Let $\mu_1$ and $\mu_0$ denote the mean birthweight for babies whose mothers do smoke and don't smoke, respectively. Then, the relevant hypotheses are: 

+ $H_0: \mu_1= \mu_0$ (i.e. the birthweight of a baby does not depend on whether the mother smoked)
+ $H_1: \mu_1\neq \mu_0$

Recall that we previously defined Model 2 to related birthweight and mother's smoking status: 

$$ 
y_i = \alpha_0 + \alpha_1 s_i + \epsilon_i
$$

Where $Y$ denotes the birthweight and

$$ 
s_{i}
\begin{cases}
    1 & \text{ if the mother smokes} \\
    0 & \text{ if the mother does not smoke}
\end{cases} 
$$

We can rewrite this equation using the ANOVA model as follows: 

$$
\begin{align}
    y_{1i} &=\mu_1 + \epsilon_{1i}  \text{ if the mother smokes} \\
    y_{0i} &=\mu_0 + \epsilon_{0i}  \text{ if the mother does not smoke}
\end{align} 
$$

where $y_{ki}$ is the mean birthweight in the $k^{th}$ group (groups are defined by mother's smoking status), $\mu_1 = \beta_0 + \beta_1$ and $\mu_0=\beta_0$ (in other words, our null hypothesis can be rewritten as: $\beta_1=0$). 

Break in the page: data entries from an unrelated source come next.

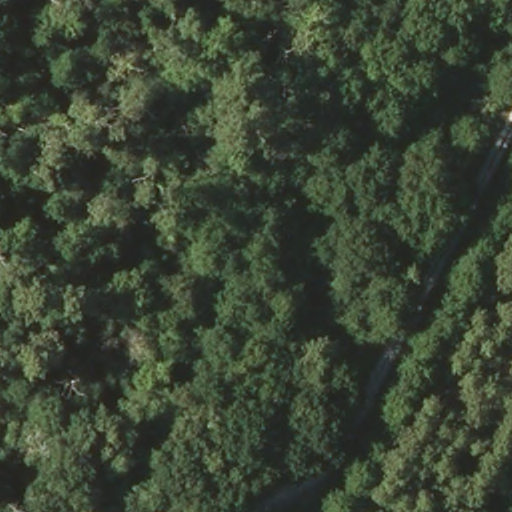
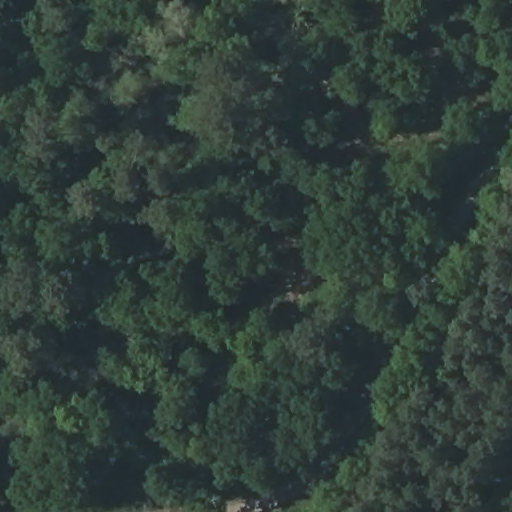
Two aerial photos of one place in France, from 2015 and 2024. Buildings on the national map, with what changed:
[]

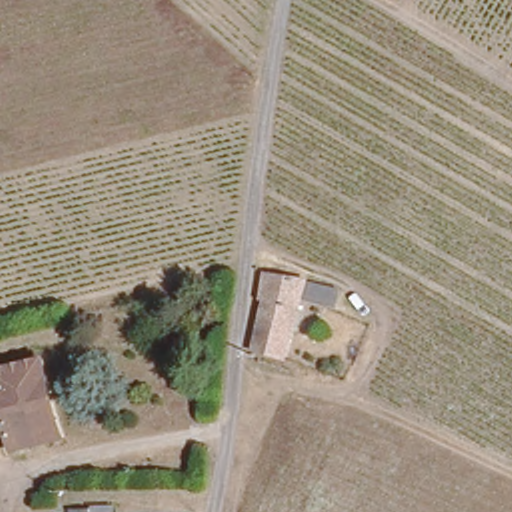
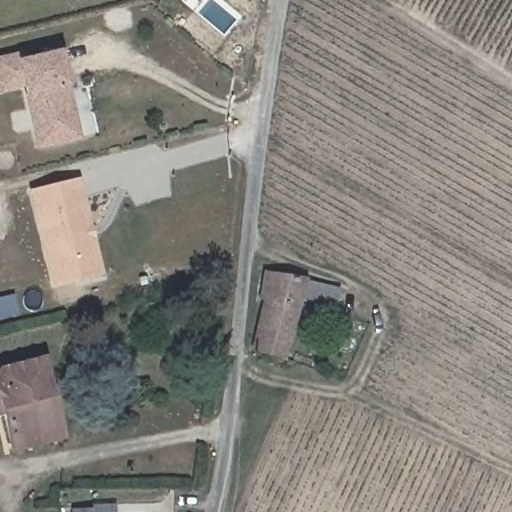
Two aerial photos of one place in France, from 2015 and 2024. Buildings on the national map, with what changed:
new [(23,51),(26,56),(60,49),(69,86),(80,139),(38,148),(25,97),(22,88),(0,93),(0,56),(23,51)]
new [(83,231),(85,239),(91,238),(95,256),(95,257),(74,262),(78,279),(56,284),(33,193),(77,183),(88,229),(83,231)]
unchanged [(261,299),(266,272),(341,288),(337,304),(301,296),(299,306),(265,300),(261,299)]
unchanged [(299,306),(284,357),(252,349),(265,300),(299,306)]
unchanged [(14,448),(12,441),(4,411),(0,412),(0,365),(42,353),(49,377),(64,434),(14,448)]
unchanged [(71,508),(89,507),(89,512),(71,512),(71,508)]

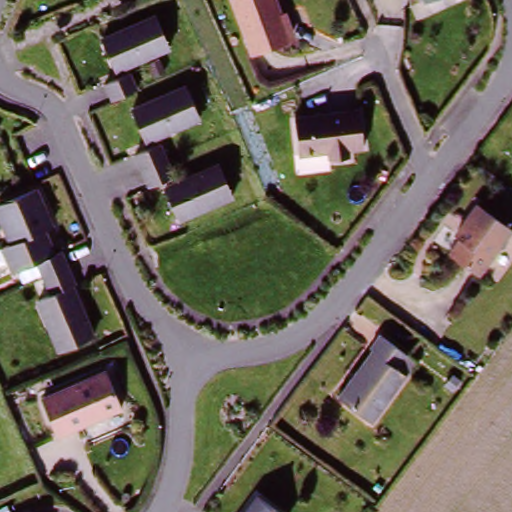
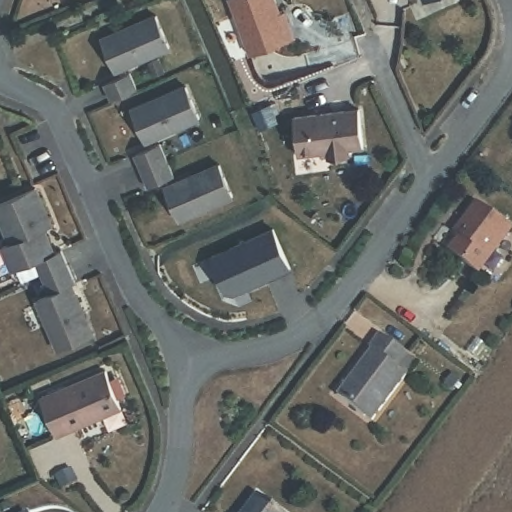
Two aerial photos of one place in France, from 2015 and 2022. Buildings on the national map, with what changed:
unchanged [(271,0),(285,37),(247,53),(227,0),(271,0)]
unchanged [(103,42),(157,20),(169,49),(115,71),(103,42)]
unchanged [(105,85),(130,74),(137,91),(112,101),(105,85)]
unchanged [(157,137),(146,107),(200,86),(212,115),(157,137)]
unchanged [(350,147),(350,157),(330,159),(330,151),(299,155),(294,120),(357,112),(362,146),(350,147)]
unchanged [(161,181),(155,166),(149,150),(173,141),(179,156),(185,172),(161,181)]
unchanged [(234,205),(180,227),(167,196),(221,174),(234,205)]
unchanged [(0,209),(37,194),(52,232),(44,236),(12,249),(0,221),(0,209)]
unchanged [(465,244),(462,239),(481,214),(512,236),(512,240),(482,280),(455,260),(465,244)]
new [(278,232),(295,271),(238,296),(229,292),(215,259),(278,232)]
unchanged [(37,306),(49,301),(42,284),(35,267),(14,277),(4,252),(12,249),(44,236),(54,260),(63,256),(70,272),(77,288),(71,292),(92,340),(59,355),(37,306)]
unchanged [(372,356),(370,353),(379,341),(405,360),(415,367),(406,380),(372,425),(338,402),(372,356)]
unchanged [(104,372),(117,406),(50,438),(37,397),(104,372)]
unchanged [(254,497),(272,512),(242,512),(254,497)]

We can use either ```anova()``` or ```summary()``` to conduct the test in R: 

In [1]:
anova(model2)
summary(model2)

ERROR: Error in anova(model2): object 'model2' not found


In the ANOVA table, the ```factor(Maternal.Smoker)``` row gives the between groups results and the ```Residuals``` row gives the within group results. 

The $F$-statistic is equal to 76.02 with a $p$-value equal to $9.46\times10^{-18}$. This evidence suggests that there is a difference in the mean birthweight between the two groups defined by mother's smoking status.